7 min read·Updated 2026-05-30

How to Check the Service History of a Car (2026 Guide)

Verifying service history is the single most important step before buying a used car. A car with full, traceable history sells for up to 20% more and costs far less in surprise repairs. Here is exactly how to do it.

1. Ask for the original service book or digital portfolio

Modern manufacturers (BMW, Mercedes, VW Group) keep a digital service record. Ask the seller for a printout from the dealer or a Carfolio-style portfolio link.

2. Cross-check against MOT / TÜV / §57a history

In the UK, MOT history is public at gov.uk. In Germany, ask for the last HU/AU report. In Austria, the §57a sticker date must match the booklet.

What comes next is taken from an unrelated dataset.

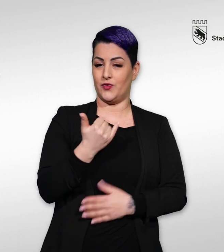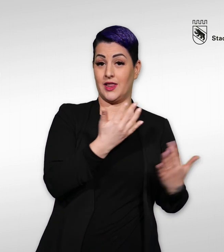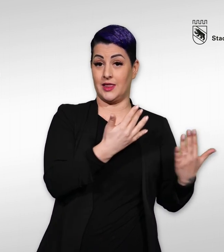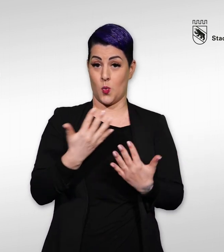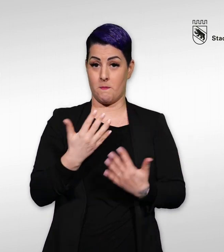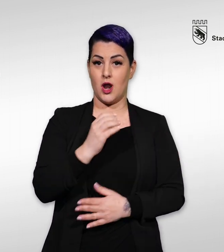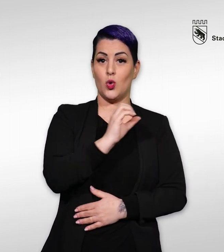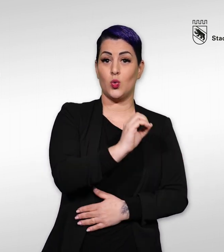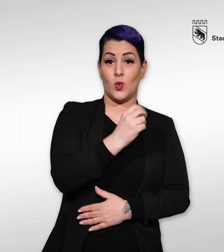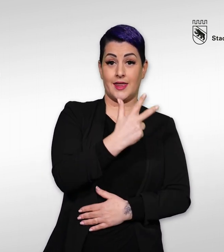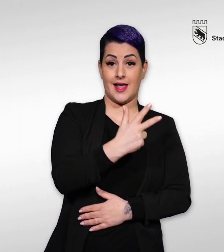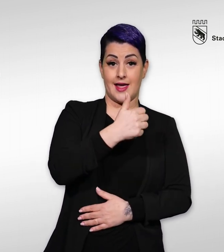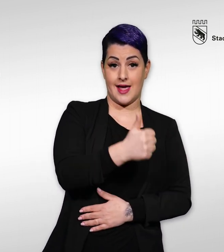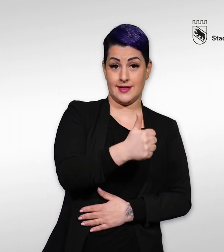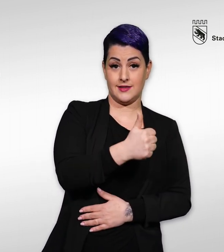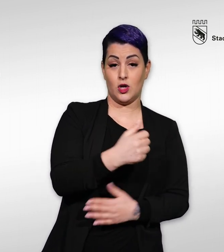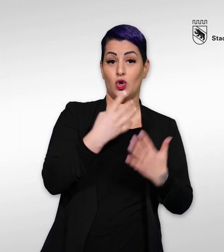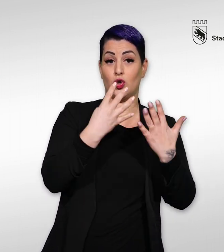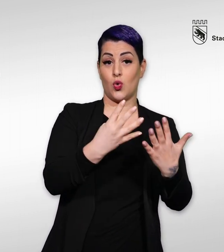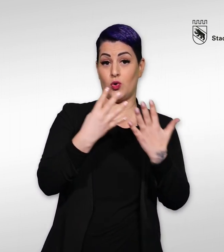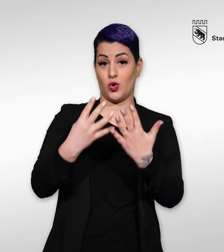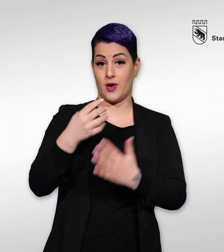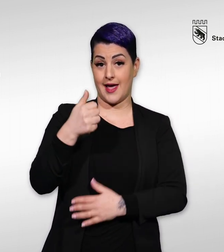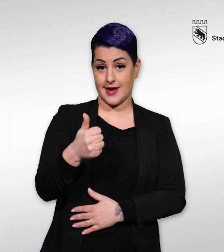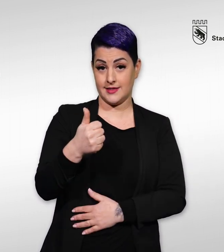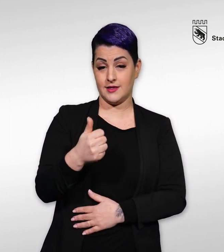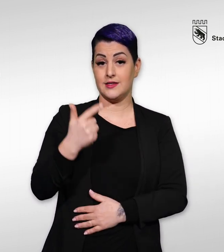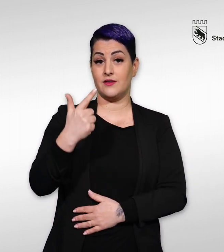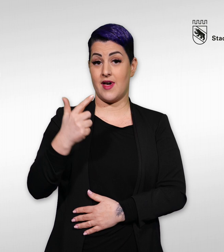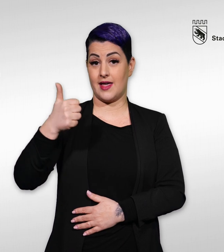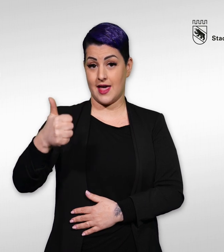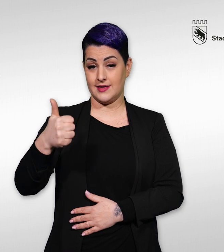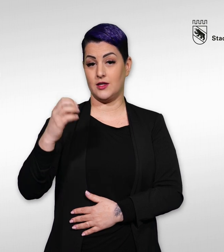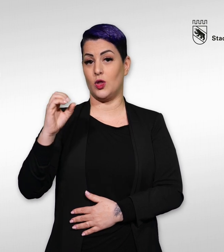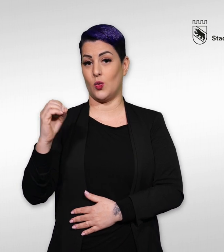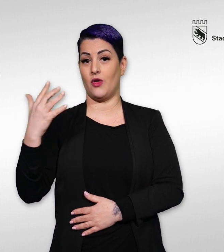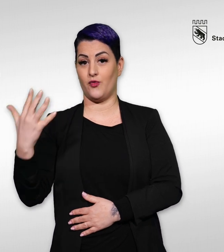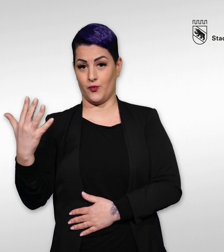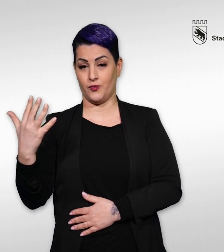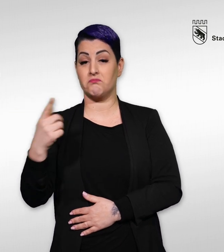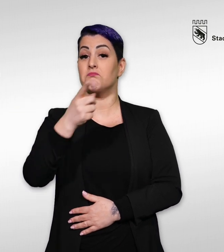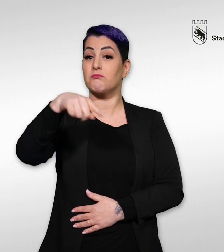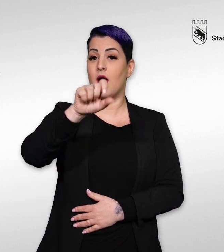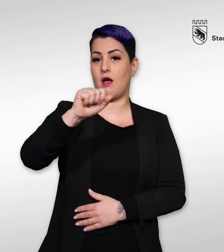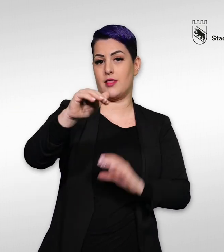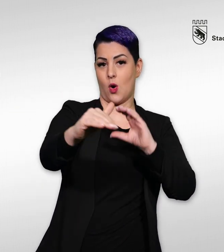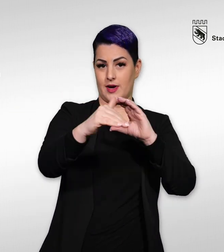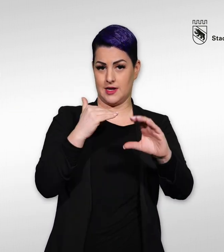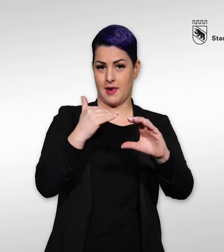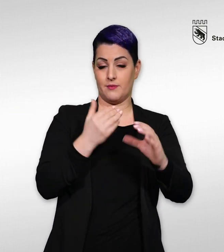991 2105 Sie erreichen uns auch per E-Mail info

3. Call the last servicing dealer

Most franchised dealers will confirm whether a VIN was serviced with them — for free, over the phone, in 2 minutes.

4. Look for red flags

Missing years, gaps over 20,000km, photocopied stamps, or 'lost service book' — all reduce price by €1,500-3,000.

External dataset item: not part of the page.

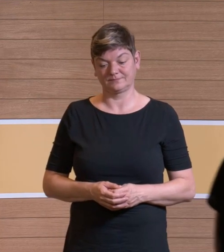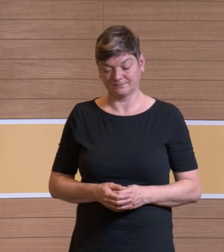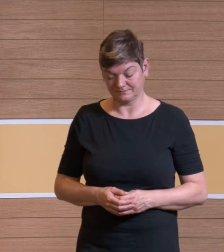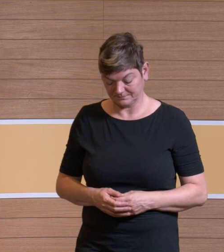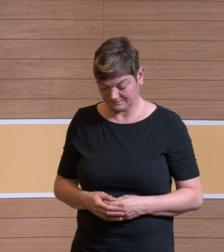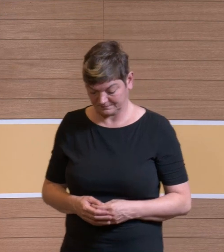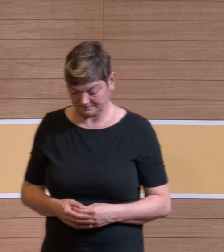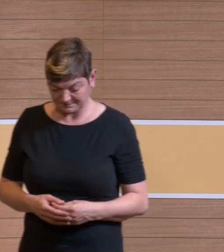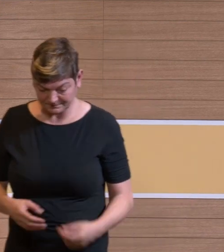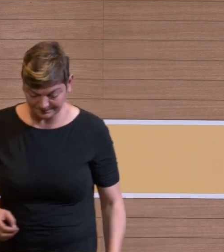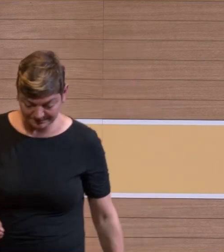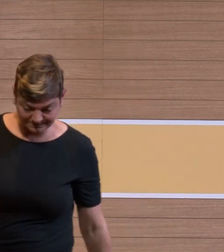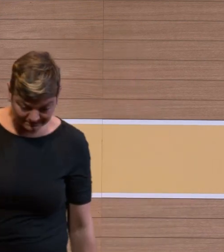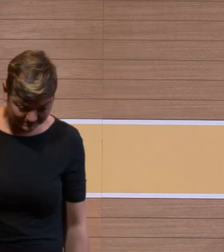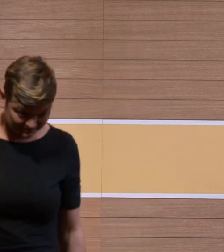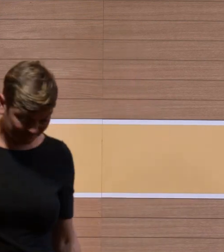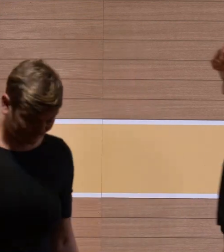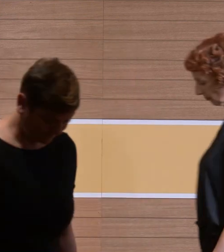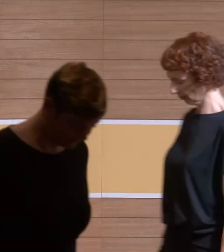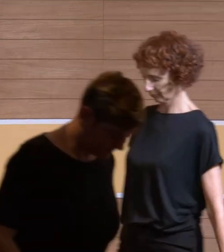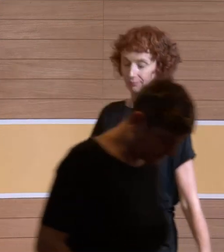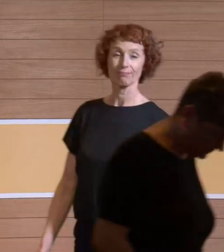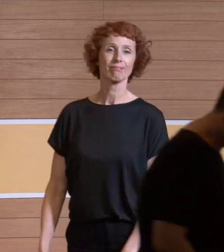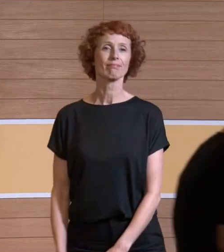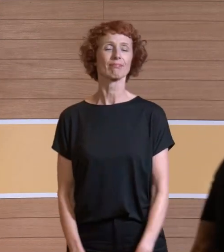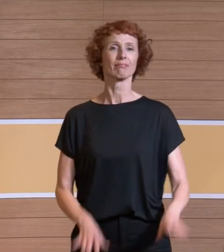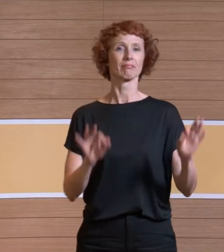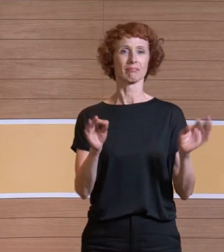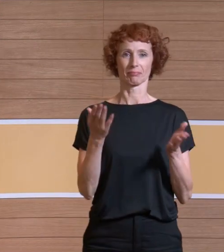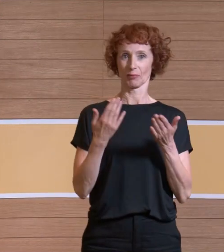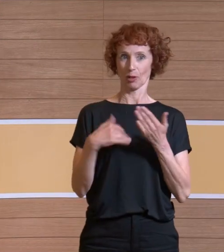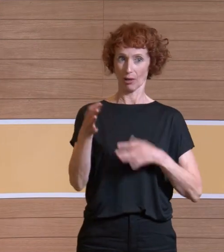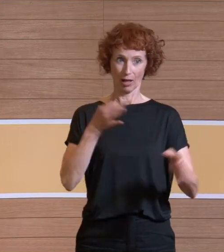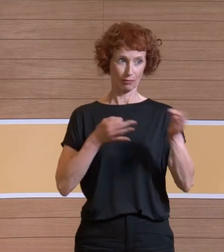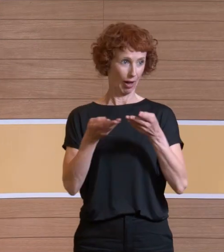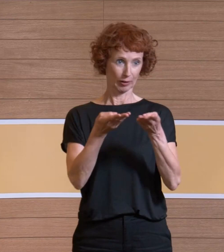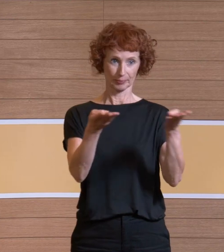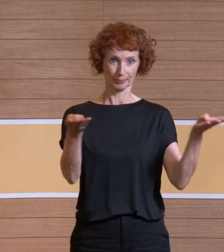Gut, Frage beantwortet. Wunderbar. Gibt es noch Fragen im Saal?

5. Create a digital portfolio going forward

Once you buy, scan every invoice into a digital portfolio (Carfolio does this in seconds). At resale, this single habit pays back many times over.

FAQ

Is the MOT history the same as service history?
No. MOT confirms roadworthiness; service history confirms maintenance work. Both matter, but service history affects resale price the most.
Can I check service history with the VIN alone?
Sometimes — manufacturer dealers can lookup their own records by VIN. Third-party services like Carfax, AutoDNA and Carfolio aggregate more.
What if the seller has no service history?
Negotiate €1,500-3,000 off and budget for a full inspection. No history is a real risk, not a small detail.